Wicky_42 said:
[Oops, early post, my bad]
You make some good points, and I'm sure that publishers are eyeing the Wii's success with envy. The expansion of motion controls to their systems of choice is obviously going to make them happier as they'll feel that now they can get a slice of the casual pie as well.
However, none of that opens the market up for a console from a new player (one of the points I was addressing). What it does open up is for the Wii 2 to be comfortably more powerful than either of the others' consoles and to have the support of the largest market share. Nintendo's had the time an opportunity to learn and improve from their motion control experience, so their second iteration has even more potential than Sony and Microsoft's first goes.
This may have been Nintendo's aim all along - this article [http://malstrom.50webs.com/birdman.html] makes for some interesting reading.
Thanks for that link, though it was a long one I wanted to read it all before I replied.
malestrom has made a masterful point, that the name "casual" is just an inaccurate euphemism* for a well understood aspect of marketing known for decades: the continuous trend from "downmarket" to "upmarket".
Casual =/= passionless
Casual = more downmarket = more accessible, appeal to wider audience,
I will be more careful to call games out as downmarket or upmarket and key here is recognising these are not discrete categories but part of a continuous spectrum (More or less up-or-down-market).
He apparently wrote the article in 2008, but Move and Kinect perfectly fit with his predictions, that Sony/Microsoft are starting upmarket and working their way downmarket.
Malestrom makes many really interesting points:
-that what we call "casual" today was the bread-and-butter of gaming in the past, how console gaming's natural progression has moved it upmarket
-Pre-Wii (early as 2003) the biggest "casual" market was flash based websites, on Web-browsers, on PC. And it was BIG and is still big with Farmville being the most insidious today. "casual" is not a new phenomenon, it has always been there, not silent, just ignored because it was on the unusual web-based ad-funded model.
So where does this leave us, the gamers, with Microsoft's Kinect, and Sony's Move, and E3 2010, with not even a hint of a new generation of consoles. I'm starting to realise how profound what Nintendo's strategy is, how it could change EVERYTHING and be as significant as 1982.
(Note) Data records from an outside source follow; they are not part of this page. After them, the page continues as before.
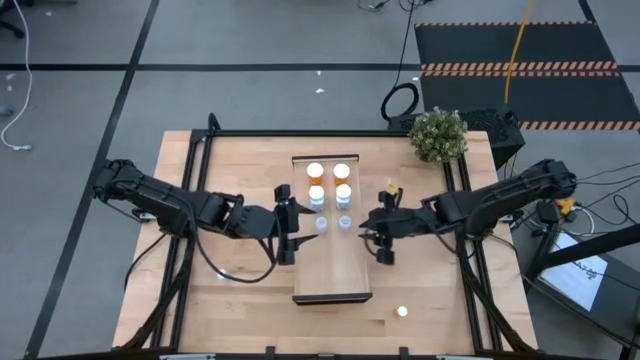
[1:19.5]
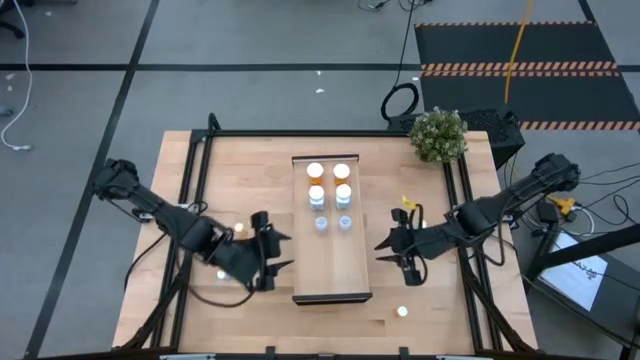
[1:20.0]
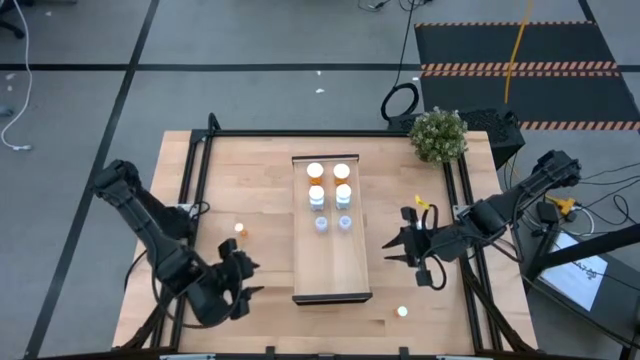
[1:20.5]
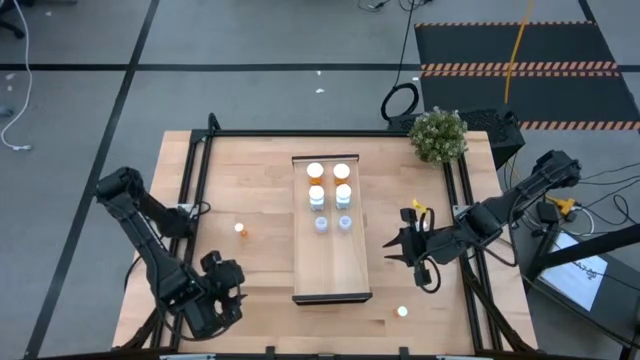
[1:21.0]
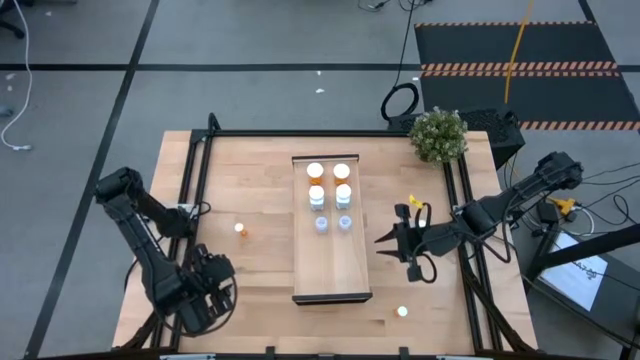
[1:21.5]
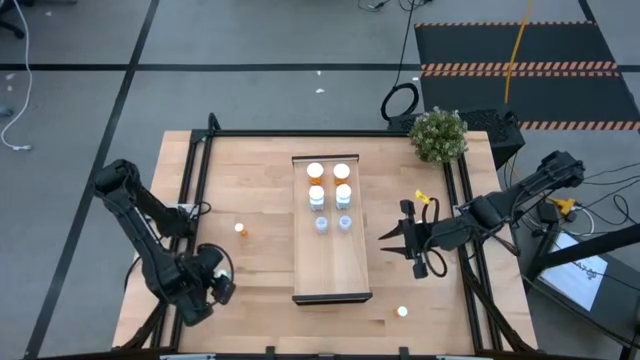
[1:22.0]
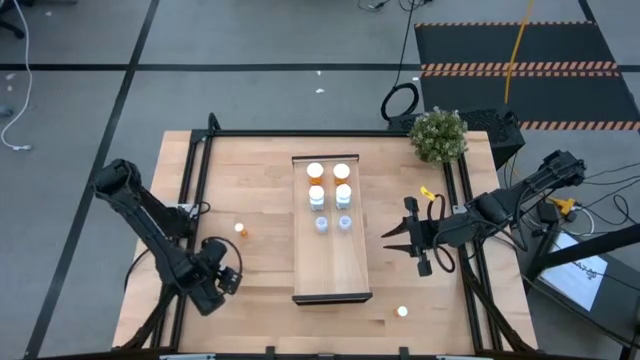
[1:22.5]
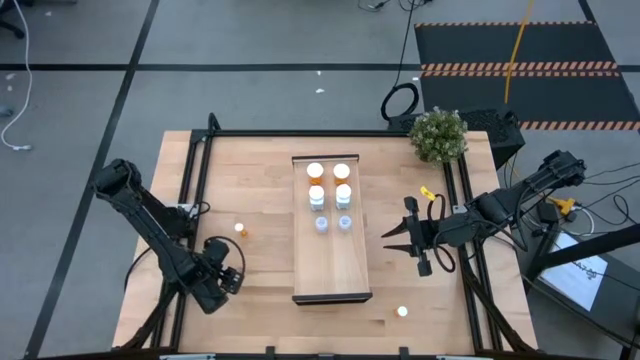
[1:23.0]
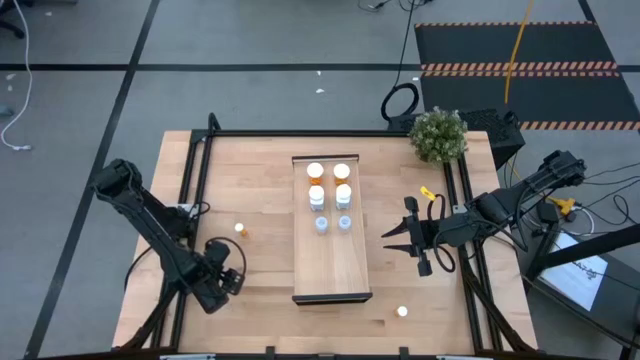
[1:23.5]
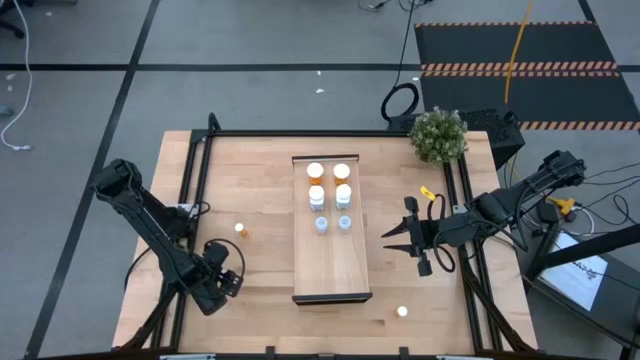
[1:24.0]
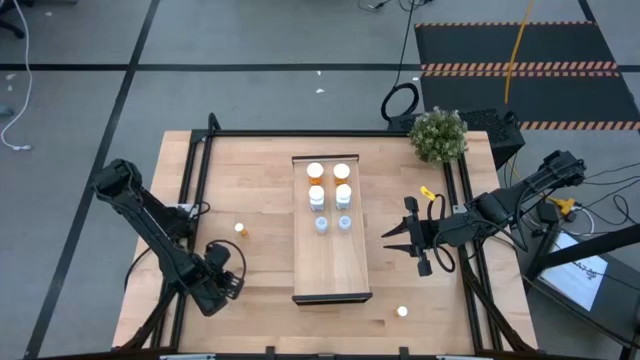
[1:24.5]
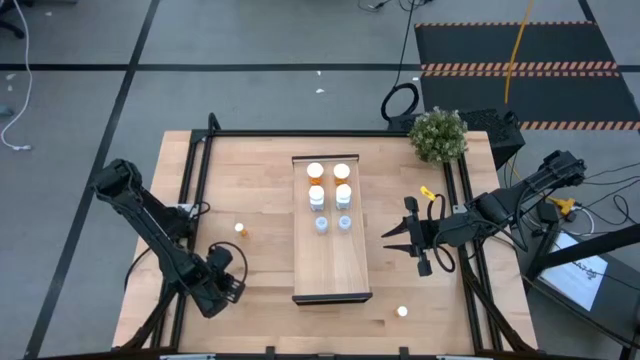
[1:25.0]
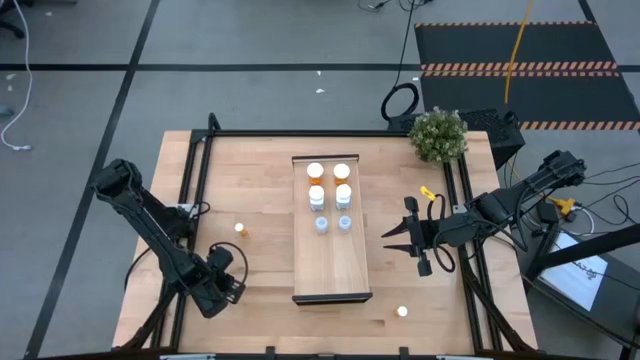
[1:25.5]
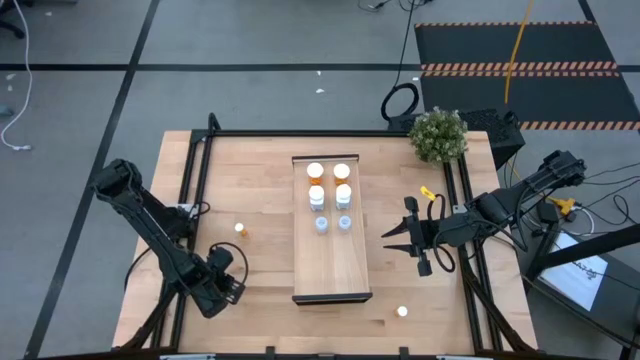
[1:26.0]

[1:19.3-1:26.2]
Task: Pick and place medicine bottles onto shelf by color
Put the bottom blue pill bottle on the shelf

Let me say, that link leads to a long ass article but PEOPLE MUST READ IT!!!
My god, it's like Soylent green is people, I am legend, rosebud was his sled, he was Kyzer Soze... Nintendo isn't "pulling a casual"... THEY ARE USING A DISRUPTIVE STRATEGY!! The oldest trick in the book, they're breaking the rules to make their own.
In a nutshell, Malestom suggest that Nintendo has the strategy of starting downmarket, appeal to EVERYONE, key thing is NOT to have advanced graphics, not to intimidate them.
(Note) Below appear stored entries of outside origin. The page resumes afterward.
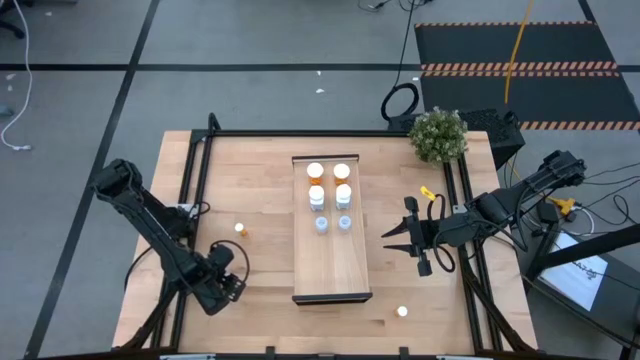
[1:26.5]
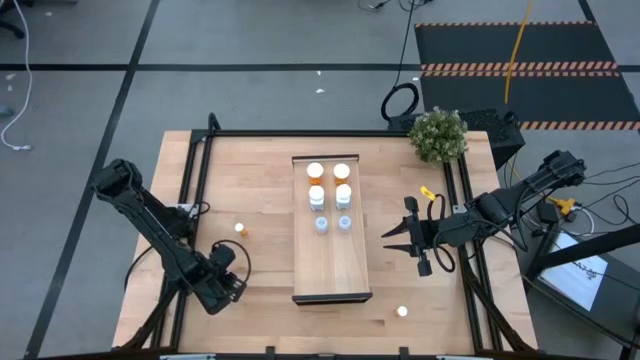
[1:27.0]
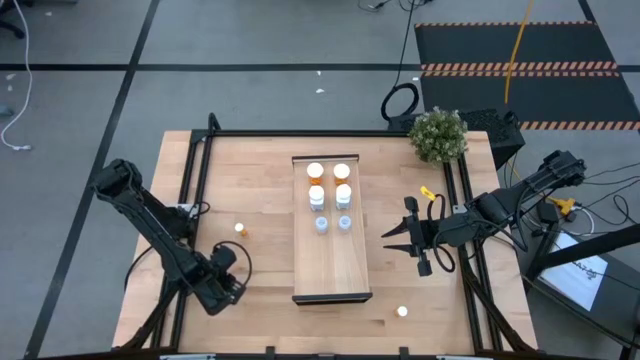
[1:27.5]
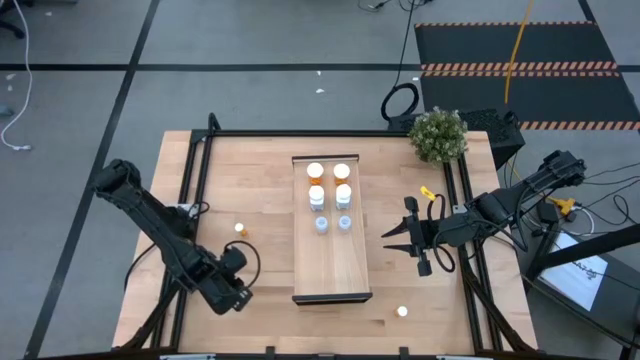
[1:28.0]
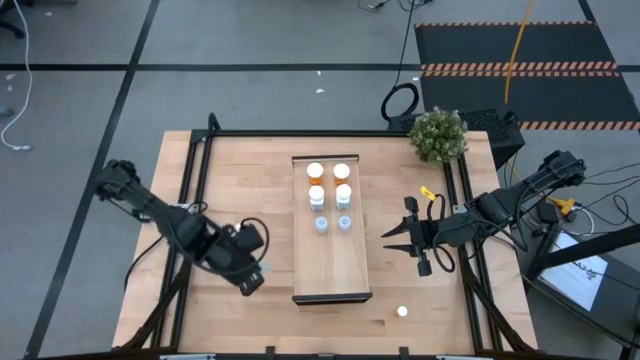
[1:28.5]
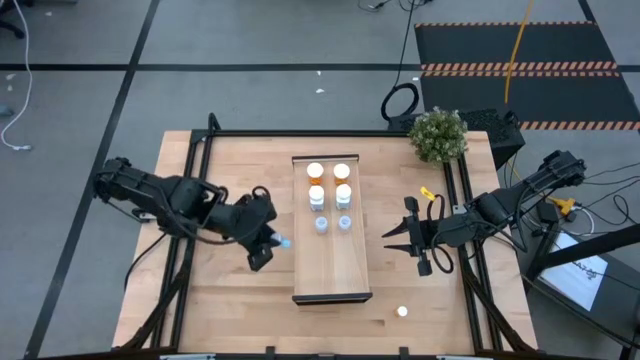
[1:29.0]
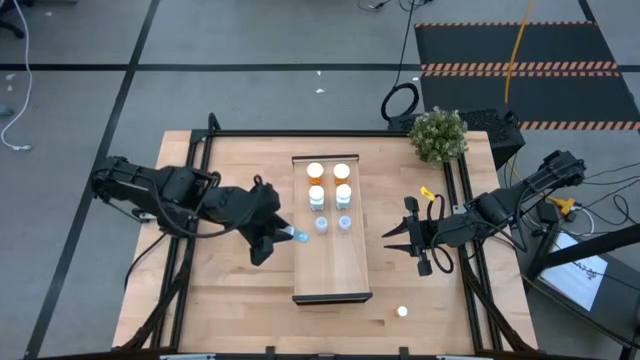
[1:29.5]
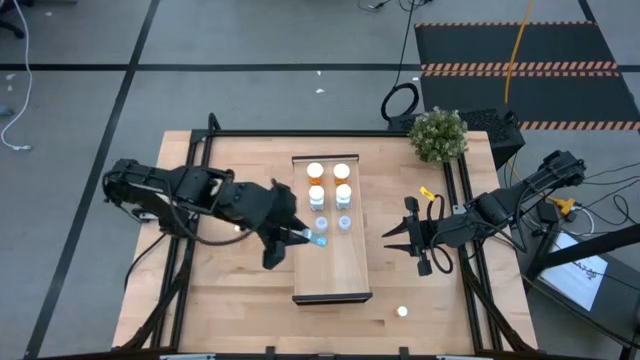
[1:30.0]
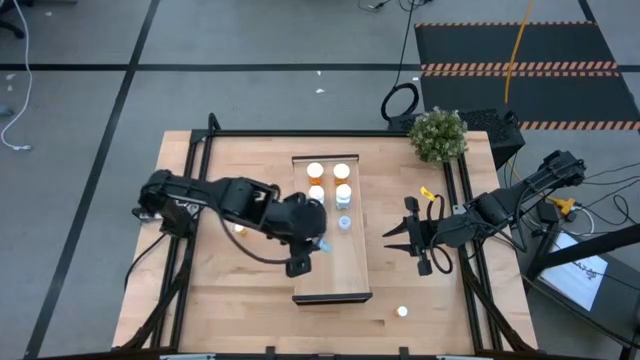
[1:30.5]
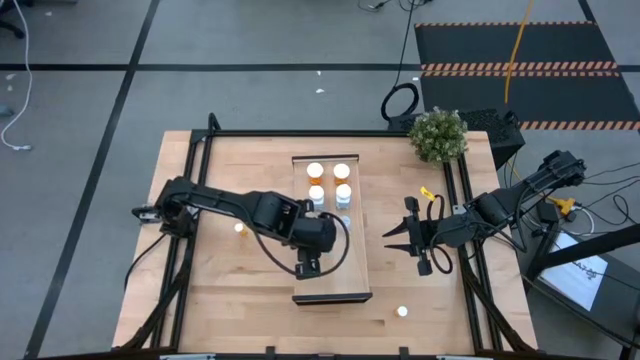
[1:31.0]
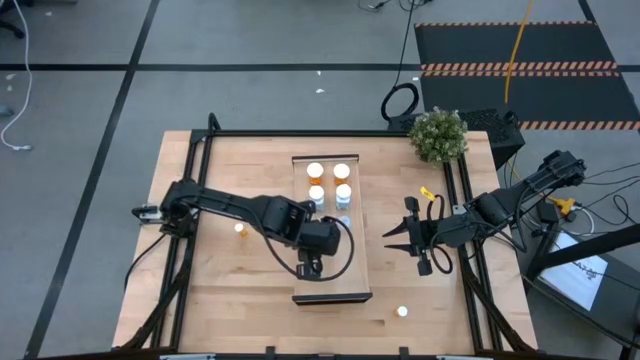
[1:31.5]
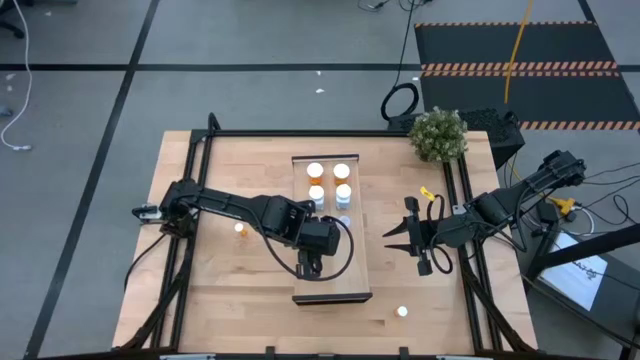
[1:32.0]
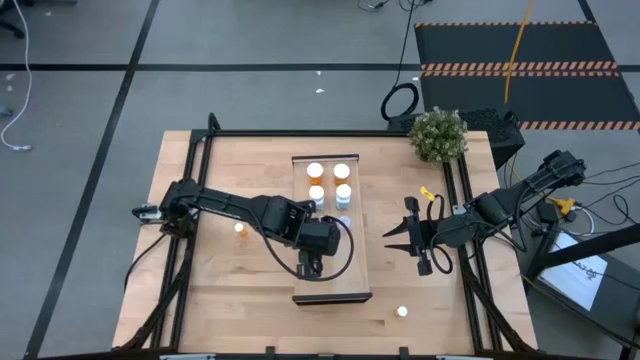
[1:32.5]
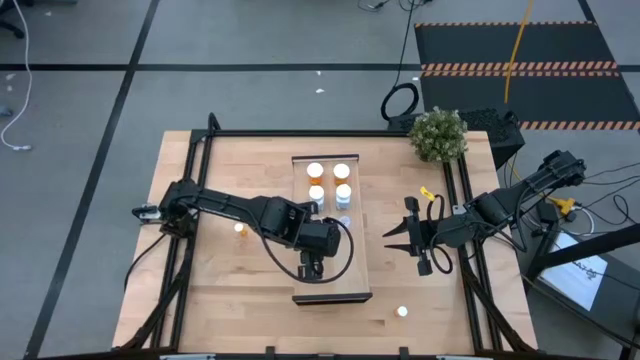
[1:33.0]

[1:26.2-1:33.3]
Put the bottom blue pill bottle on the shelf

Step1: Gateway games: the detested Wii Fit and such like, these you can sell to anyone and get them "hooked" like a gateway drug
Step2: Bridge games: different from gateway games, these are for people who are hooked to move them upstream to more advanced games like Mario Kart Wii... I mean that fucking wheel... my god, the evil genius of it, it's beginning to sink in!
Step 3: cripple with an upmarket surge, with Zelda: Skyward Sword and 3DS
Step 4: A new more powerful Home console, building on their new audience, deliver the coup de grace
Result: All gasp in awe as Nintendo dominates so badly we all wonder what happened.
Basically, Sony and Microsoft are fucked - or their console gaming division at least. Nintendo has a plan and it is foolproof, not even these new motion peripherals will change that (Where will PC gaming fit into this? It has survived this far?)
Because all they are doing is thinking like the "birdmen" who thought they could fly if they just stuck bird's feathers on their arms and flapped real hard, they are just copying what birds appear to have, not the actual dynamics of flight. The analogy from Professor Christensen; "Innovator?s Dilemma".
I repeat: READ THIS ARTICLE PEOPLE!
http://malstrom.50webs.com/birdman.html
first paragraph:
Centuries ago, men attempted to fly by putting wings on their arms and flapping really hard. Logically, in their minds, it should have worked. Birds fly. Birds have wings. Therefore, having wings should mean man will fly.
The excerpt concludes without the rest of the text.